Beginning of 2017, ESA issued the Space system life cycle assessment (LCA) guidelines. The guideline helps space actor to carry out LCAs and communicate in a consistent way. It is available on simple request to the European space industry and universities.
As we wrote on this blog last July we have been working on the EcoDesign handbook for a Life Cycle Assessment for space missions and activities and we are proud to announce that it is finally out. This handbook is the result of numerous studies and activities coordinated by the Eco Design team of engineers and carried out by the European space industry and environmental specialists.
Transitioning to a low-carbon and resource-efficient circular economy is nowadays a priority for many European country and a policy pillar of the EU (€3.4 billion dedicated). Nonetheless, up until now, space has been considered of low priority with the assumption that low production rates result in low impacts. While this might be accurate for green gas emissions, in other cases such as impact on ozone depletion, studies are necessary to quantify the real impact. With increasing cubesats and mega constellations on the way, and the increased launch rate this will demand, the focus on space will only increase. So we thought that was relevant and urgent to provide the European space industry with a tool that could allow them to work in a more environmental friendly direction.
In the recently published 2017 UN Guidelines by the Committee on the Peaceful Uses of Outer Space, it states clearly that “intergovernmental organisations should take into account, the social, economic and environmental dimensions of sustainable development on Earth…and should promote the development of technologies that minimize the environmental impact of manufacturing and launching space assets and that maximize the use of renewable resources and the reusability or repurposing of space assets to enhance the long-term sustainability of those activities”.
Starting already in 2012, the Clean Space initiative has established ESA as the world leader on environmental issues for space, both on the Earth and in orbit. The main results achieved by activities already carried out are the following:
- quantifying the environmental impact of satellites and launchers
- developing alternatives to REACH-endangered substances
- studying the impact of launcher plumes on the ozone, in which it was discovered that the ozone depletion depends a lot on the size of the emitted alumina particles
The scientific and quantitative nature of this work is vital in an area where ‘green washing’ (using the green label for marketing purposes) is prevalent.
So here there come our: “Space system Life Cycle Assessment guidelines”. These guidelines represent the first attempt of translating the use of the LCA tool to the space sector that is quite a unique domain, as we highlight in the introduction of this manual: “it has low production rates, long development cycles, uses specialised materials and industrial processes and has impacts on environments so far not considered in the traditional LCA”.
For examples, one of the first thing to be done was to identify environmental impact categories such as global warming, ozone depletion potential but also marine or freshwater ecotoxicity and mineral resource depletion which are meaningful for the space sector. Then we had to break down space mission in its main phases, considering that the total environmental impact is the sum of the launch segment, the space segment and the ground segment, and in these phases we had to take into account, the spacecraft assembly, for instance but also the office work and traveling and the disposal of the spacecraft. That because we wanted to make it as broad and comprehensive as possible.
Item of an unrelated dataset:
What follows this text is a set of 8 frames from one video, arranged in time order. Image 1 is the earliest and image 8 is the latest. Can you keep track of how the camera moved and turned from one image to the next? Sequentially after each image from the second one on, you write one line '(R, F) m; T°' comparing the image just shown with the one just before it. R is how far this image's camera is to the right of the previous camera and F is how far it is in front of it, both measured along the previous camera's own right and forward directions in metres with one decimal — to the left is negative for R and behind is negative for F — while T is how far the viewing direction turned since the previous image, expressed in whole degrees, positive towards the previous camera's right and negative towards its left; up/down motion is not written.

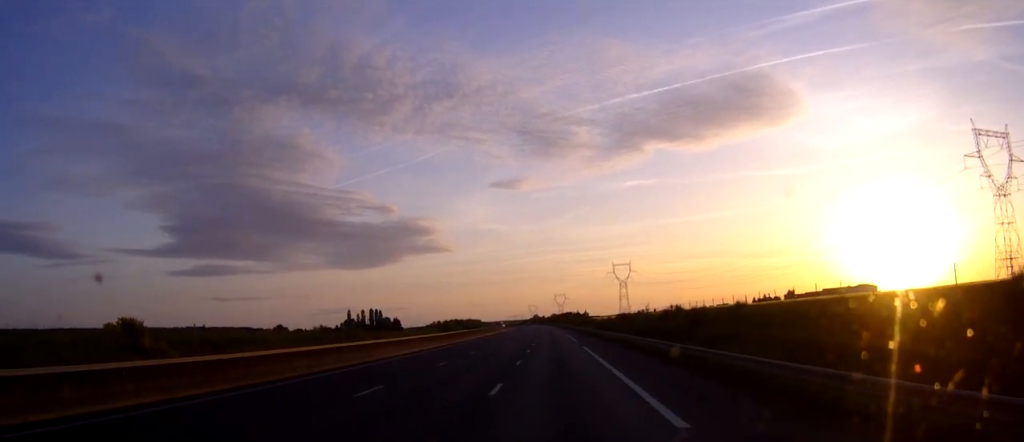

In fact, the main goal of these guidelines is to establish methodological rules that provide the framework for performing “comprehensive quantitative assessments and consistent environmental declarations for complete space system as well as individual hardware equipment, components, material and processes”. They address not only experienced LCA practitioners whereas with or without space experience but also users without any LCA experience.
This is a tool that not only would make of the European space industry a pioneer in eco-design and green space, but also that would give it a competitive advantage since the ability to show that a launcher or satellite has a lower environmental footprint may well become an extra selling point. Eco-design also mitigate disruption risks due to environmental legislation, such as REACH and can lead to cost savings due to the more efficient use of energy and resources.
The EU has begun work to develop eco-design frameworks for a given product or sector to aid transparency and comparability of results. ESA took the initiative to develop a standardized methodology environmental impact assessment specific to the space sector.
This Space System Life Cycle Assessment Guidelines provides industry with methodological rules on how to correctly perform space-specific LCAs. It encompasses the framework for performing comprehensive quantitative assessments and consistent environmental declarations for complete space systems as well as individual hardware equipment, components, material and processes.
The European space industry interested in carrying out such studies using the ESA Guidelines is invited to send a request to ESA’s Clean Space team (firstname.lastname@example.org).
Through Clean Space, ESA has taken the world-wide lead on eco-design for space. In order to maintain its position as a forward-thinking, innovative and responsible organization, ESA will continue to work alongside the EU and European space industry, stimulating all of us towards a future that protects our planet.